===== EXERCISE INPUTS =====

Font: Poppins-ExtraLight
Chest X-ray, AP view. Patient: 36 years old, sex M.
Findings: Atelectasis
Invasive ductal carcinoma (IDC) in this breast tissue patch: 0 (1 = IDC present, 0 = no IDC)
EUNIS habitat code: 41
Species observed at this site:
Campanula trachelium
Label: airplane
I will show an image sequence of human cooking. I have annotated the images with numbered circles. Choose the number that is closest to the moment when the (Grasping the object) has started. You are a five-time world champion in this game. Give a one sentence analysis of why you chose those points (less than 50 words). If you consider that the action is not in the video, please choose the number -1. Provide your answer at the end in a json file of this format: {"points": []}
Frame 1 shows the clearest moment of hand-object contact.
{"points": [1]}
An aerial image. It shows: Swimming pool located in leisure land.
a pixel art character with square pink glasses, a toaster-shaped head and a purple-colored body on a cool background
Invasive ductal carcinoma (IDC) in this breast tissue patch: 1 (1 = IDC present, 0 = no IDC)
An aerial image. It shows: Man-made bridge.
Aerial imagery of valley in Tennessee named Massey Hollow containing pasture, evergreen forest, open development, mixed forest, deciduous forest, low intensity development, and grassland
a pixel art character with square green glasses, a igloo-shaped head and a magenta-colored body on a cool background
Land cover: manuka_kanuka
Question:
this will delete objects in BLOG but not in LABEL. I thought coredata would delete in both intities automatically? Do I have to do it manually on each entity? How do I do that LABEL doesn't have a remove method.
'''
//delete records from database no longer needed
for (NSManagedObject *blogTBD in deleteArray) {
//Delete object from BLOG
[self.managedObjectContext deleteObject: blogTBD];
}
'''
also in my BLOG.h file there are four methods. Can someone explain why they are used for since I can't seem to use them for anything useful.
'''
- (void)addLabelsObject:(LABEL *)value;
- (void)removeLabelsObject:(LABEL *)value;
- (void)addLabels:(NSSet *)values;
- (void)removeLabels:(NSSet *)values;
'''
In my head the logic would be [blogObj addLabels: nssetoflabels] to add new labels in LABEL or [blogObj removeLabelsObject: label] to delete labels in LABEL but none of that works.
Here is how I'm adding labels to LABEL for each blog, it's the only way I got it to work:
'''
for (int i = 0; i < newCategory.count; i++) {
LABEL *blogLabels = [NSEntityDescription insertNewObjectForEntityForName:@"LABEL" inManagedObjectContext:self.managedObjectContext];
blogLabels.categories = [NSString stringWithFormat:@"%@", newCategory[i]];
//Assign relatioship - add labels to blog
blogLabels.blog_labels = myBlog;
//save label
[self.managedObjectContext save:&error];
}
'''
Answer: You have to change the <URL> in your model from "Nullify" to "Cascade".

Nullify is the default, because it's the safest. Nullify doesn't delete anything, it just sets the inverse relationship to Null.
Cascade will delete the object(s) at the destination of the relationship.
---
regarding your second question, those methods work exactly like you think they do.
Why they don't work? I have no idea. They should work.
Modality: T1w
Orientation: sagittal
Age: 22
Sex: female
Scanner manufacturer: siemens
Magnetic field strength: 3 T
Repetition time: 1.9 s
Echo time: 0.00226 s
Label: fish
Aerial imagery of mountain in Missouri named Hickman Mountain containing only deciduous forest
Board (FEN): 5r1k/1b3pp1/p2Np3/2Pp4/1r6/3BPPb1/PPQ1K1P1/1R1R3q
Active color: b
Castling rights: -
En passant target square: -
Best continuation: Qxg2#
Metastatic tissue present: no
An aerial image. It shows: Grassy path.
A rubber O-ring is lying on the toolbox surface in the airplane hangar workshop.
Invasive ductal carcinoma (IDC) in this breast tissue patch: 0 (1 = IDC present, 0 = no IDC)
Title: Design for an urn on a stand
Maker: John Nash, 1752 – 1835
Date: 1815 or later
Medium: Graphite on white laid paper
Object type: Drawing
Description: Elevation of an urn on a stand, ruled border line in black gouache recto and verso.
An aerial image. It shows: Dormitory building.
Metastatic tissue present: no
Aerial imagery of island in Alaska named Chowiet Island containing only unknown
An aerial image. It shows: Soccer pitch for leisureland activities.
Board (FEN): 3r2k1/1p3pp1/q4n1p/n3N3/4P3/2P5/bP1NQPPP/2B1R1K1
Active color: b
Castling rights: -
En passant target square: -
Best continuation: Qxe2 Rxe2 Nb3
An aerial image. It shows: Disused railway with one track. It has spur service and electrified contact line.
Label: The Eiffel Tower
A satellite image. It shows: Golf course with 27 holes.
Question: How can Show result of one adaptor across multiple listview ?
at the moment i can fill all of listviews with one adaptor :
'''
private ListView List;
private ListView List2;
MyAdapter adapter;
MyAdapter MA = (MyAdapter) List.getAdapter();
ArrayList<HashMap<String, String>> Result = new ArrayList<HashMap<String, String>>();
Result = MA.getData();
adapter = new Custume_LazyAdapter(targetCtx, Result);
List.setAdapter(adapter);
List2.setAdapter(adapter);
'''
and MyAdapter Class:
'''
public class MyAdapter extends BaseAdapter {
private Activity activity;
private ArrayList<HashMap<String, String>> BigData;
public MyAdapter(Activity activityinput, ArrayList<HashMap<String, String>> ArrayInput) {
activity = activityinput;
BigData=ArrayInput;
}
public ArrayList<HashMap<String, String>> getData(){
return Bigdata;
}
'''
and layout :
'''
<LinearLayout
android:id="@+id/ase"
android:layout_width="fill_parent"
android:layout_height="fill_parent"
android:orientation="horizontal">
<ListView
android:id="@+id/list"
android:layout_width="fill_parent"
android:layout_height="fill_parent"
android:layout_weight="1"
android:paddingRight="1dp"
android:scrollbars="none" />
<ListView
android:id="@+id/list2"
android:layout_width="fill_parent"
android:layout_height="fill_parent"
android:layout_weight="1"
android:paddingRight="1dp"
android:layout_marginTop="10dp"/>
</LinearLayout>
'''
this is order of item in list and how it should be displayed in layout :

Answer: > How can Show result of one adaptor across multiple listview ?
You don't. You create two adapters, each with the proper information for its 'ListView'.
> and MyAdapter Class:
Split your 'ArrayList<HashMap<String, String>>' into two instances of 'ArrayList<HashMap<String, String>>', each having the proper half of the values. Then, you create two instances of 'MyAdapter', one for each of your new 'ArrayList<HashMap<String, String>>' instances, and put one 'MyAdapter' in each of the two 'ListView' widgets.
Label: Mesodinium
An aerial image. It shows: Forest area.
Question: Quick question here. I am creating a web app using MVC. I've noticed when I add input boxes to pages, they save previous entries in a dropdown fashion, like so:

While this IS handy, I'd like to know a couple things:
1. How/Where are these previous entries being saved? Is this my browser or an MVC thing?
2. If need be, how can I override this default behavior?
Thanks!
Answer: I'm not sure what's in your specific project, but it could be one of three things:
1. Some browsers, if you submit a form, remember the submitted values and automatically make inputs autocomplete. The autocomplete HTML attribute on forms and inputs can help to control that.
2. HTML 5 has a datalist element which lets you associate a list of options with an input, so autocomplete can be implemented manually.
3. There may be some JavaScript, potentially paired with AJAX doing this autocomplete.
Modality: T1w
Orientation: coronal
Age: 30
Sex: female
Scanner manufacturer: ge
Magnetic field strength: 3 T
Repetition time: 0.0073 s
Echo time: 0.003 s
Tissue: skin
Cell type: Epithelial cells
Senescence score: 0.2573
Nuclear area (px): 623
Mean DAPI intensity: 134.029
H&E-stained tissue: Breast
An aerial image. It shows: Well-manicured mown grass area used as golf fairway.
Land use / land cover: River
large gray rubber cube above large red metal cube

=====

WHAT TO DO
Transcribe the records above with every character unchanged.

ANSWER AREA
Font: Poppins-ExtraLight
Chest X-ray, AP view. Patient: 36 years old, sex M.
Findings: Atelectasis
Invasive ductal carcinoma (IDC) in this breast tissue patch: 0 (1 = IDC present, 0 = no IDC)
EUNIS habitat code: 41
Species observed at this site:
Campanula trachelium
Label: airplane
I will show an image sequence of human cooking. I have annotated the images with numbered circles. Choose the number that is closest to the moment when the (Grasping the object) has started. You are a five-time world champion in this game. Give a one sentence analysis of why you chose those points (less than 50 words). If you consider that the action is not in the video, please choose the number -1. Provide your answer at the end in a json file of this format: {"points": []}
Frame 1 shows the clearest moment of hand-object contact.
{"points": [1]}
An aerial image. It shows: Swimming pool located in leisure land.
a pixel art character with square pink glasses, a toaster-shaped head and a purple-colored body on a cool background
Invasive ductal carcinoma (IDC) in this breast tissue patch: 1 (1 = IDC present, 0 = no IDC)
An aerial image. It shows: Man-made bridge.
Aerial imagery of valley in Tennessee named Massey Hollow containing pasture, evergreen forest, open development, mixed forest, deciduous forest, low intensity development, and grassland
a pixel art character with square green glasses, a igloo-shaped head and a magenta-colored body on a cool background
Land cover: manuka_kanuka
Question:
this will delete objects in BLOG but not in LABEL. I thought coredata would delete in both intities automatically? Do I have to do it manually on each entity? How do I do that LABEL doesn't have a remove method.
'''
//delete records from database no longer needed
for (NSManagedObject *blogTBD in deleteArray) {
//Delete object from BLOG
[self.managedObjectContext deleteObject: blogTBD];
}
'''
also in my BLOG.h file there are four methods. Can someone explain why they are used for since I can't seem to use them for anything useful.
'''
- (void)addLabelsObject:(LABEL *)value;
- (void)removeLabelsObject:(LABEL *)value;
- (void)addLabels:(NSSet *)values;
- (void)removeLabels:(NSSet *)values;
'''
In my head the logic would be [blogObj addLabels: nssetoflabels] to add new labels in LABEL or [blogObj removeLabelsObject: label] to delete labels in LABEL but none of that works.
Here is how I'm adding labels to LABEL for each blog, it's the only way I got it to work:
'''
for (int i = 0; i < newCategory.count; i++) {
LABEL *blogLabels = [NSEntityDescription insertNewObjectForEntityForName:@"LABEL" inManagedObjectContext:self.managedObjectContext];
blogLabels.categories = [NSString stringWithFormat:@"%@", newCategory[i]];
//Assign relatioship - add labels to blog
blogLabels.blog_labels = myBlog;
//save label
[self.managedObjectContext save:&error];
}
'''
Answer: You have to change the <URL> in your model from "Nullify" to "Cascade".

Nullify is the default, because it's the safest. Nullify doesn't delete anything, it just sets the inverse relationship to Null.
Cascade will delete the object(s) at the destination of the relationship.
---
regarding your second question, those methods work exactly like you think they do.
Why they don't work? I have no idea. They should work.
Modality: T1w
Orientation: sagittal
Age: 22
Sex: female
Scanner manufacturer: siemens
Magnetic field strength: 3 T
Repetition time: 1.9 s
Echo time: 0.00226 s
Label: fish
Aerial imagery of mountain in Missouri named Hickman Mountain containing only deciduous forest
Board (FEN): 5r1k/1b3pp1/p2Np3/2Pp4/1r6/3BPPb1/PPQ1K1P1/1R1R3q
Active color: b
Castling rights: -
En passant target square: -
Best continuation: Qxg2#
Metastatic tissue present: no
An aerial image. It shows: Grassy path.
A rubber O-ring is lying on the toolbox surface in the airplane hangar workshop.
Invasive ductal carcinoma (IDC) in this breast tissue patch: 0 (1 = IDC present, 0 = no IDC)
Title: Design for an urn on a stand
Maker: John Nash, 1752 – 1835
Date: 1815 or later
Medium: Graphite on white laid paper
Object type: Drawing
Description: Elevation of an urn on a stand, ruled border line in black gouache recto and verso.
An aerial image. It shows: Dormitory building.
Metastatic tissue present: no
Aerial imagery of island in Alaska named Chowiet Island containing only unknown
An aerial image. It shows: Soccer pitch for leisureland activities.
Board (FEN): 3r2k1/1p3pp1/q4n1p/n3N3/4P3/2P5/bP1NQPPP/2B1R1K1
Active color: b
Castling rights: -
En passant target square: -
Best continuation: Qxe2 Rxe2 Nb3
An aerial image. It shows: Disused railway with one track. It has spur service and electrified contact line.
Label: The Eiffel Tower
A satellite image. It shows: Golf course with 27 holes.
Question: How can Show result of one adaptor across multiple listview ?
at the moment i can fill all of listviews with one adaptor :
'''
private ListView List;
private ListView List2;
MyAdapter adapter;
MyAdapter MA = (MyAdapter) List.getAdapter();
ArrayList<HashMap<String, String>> Result = new ArrayList<HashMap<String, String>>();
Result = MA.getData();
adapter = new Custume_LazyAdapter(targetCtx, Result);
List.setAdapter(adapter);
List2.setAdapter(adapter);
'''
and MyAdapter Class:
'''
public class MyAdapter extends BaseAdapter {
private Activity activity;
private ArrayList<HashMap<String, String>> BigData;
public MyAdapter(Activity activityinput, ArrayList<HashMap<String, String>> ArrayInput) {
activity = activityinput;
BigData=ArrayInput;
}
public ArrayList<HashMap<String, String>> getData(){
return Bigdata;
}
'''
and layout :
'''
<LinearLayout
android:id="@+id/ase"
android:layout_width="fill_parent"
android:layout_height="fill_parent"
android:orientation="horizontal">
<ListView
android:id="@+id/list"
android:layout_width="fill_parent"
android:layout_height="fill_parent"
android:layout_weight="1"
android:paddingRight="1dp"
android:scrollbars="none" />
<ListView
android:id="@+id/list2"
android:layout_width="fill_parent"
android:layout_height="fill_parent"
android:layout_weight="1"
android:paddingRight="1dp"
android:layout_marginTop="10dp"/>
</LinearLayout>
'''
this is order of item in list and how it should be displayed in layout :

Answer: > How can Show result of one adaptor across multiple listview ?
You don't. You create two adapters, each with the proper information for its 'ListView'.
> and MyAdapter Class:
Split your 'ArrayList<HashMap<String, String>>' into two instances of 'ArrayList<HashMap<String, String>>', each having the proper half of the values. Then, you create two instances of 'MyAdapter', one for each of your new 'ArrayList<HashMap<String, String>>' instances, and put one 'MyAdapter' in each of the two 'ListView' widgets.
Label: Mesodinium
An aerial image. It shows: Forest area.
Question: Quick question here. I am creating a web app using MVC. I've noticed when I add input boxes to pages, they save previous entries in a dropdown fashion, like so:

While this IS handy, I'd like to know a couple things:
1. How/Where are these previous entries being saved? Is this my browser or an MVC thing?
2. If need be, how can I override this default behavior?
Thanks!
Answer: I'm not sure what's in your specific project, but it could be one of three things:
1. Some browsers, if you submit a form, remember the submitted values and automatically make inputs autocomplete. The autocomplete HTML attribute on forms and inputs can help to control that.
2. HTML 5 has a datalist element which lets you associate a list of options with an input, so autocomplete can be implemented manually.
3. There may be some JavaScript, potentially paired with AJAX doing this autocomplete.
Modality: T1w
Orientation: coronal
Age: 30
Sex: female
Scanner manufacturer: ge
Magnetic field strength: 3 T
Repetition time: 0.0073 s
Echo time: 0.003 s
Tissue: skin
Cell type: Epithelial cells
Senescence score: 0.2573
Nuclear area (px): 623
Mean DAPI intensity: 134.029
H&E-stained tissue: Breast
An aerial image. It shows: Well-manicured mown grass area used as golf fairway.
Land use / land cover: River
large gray rubber cube above large red metal cube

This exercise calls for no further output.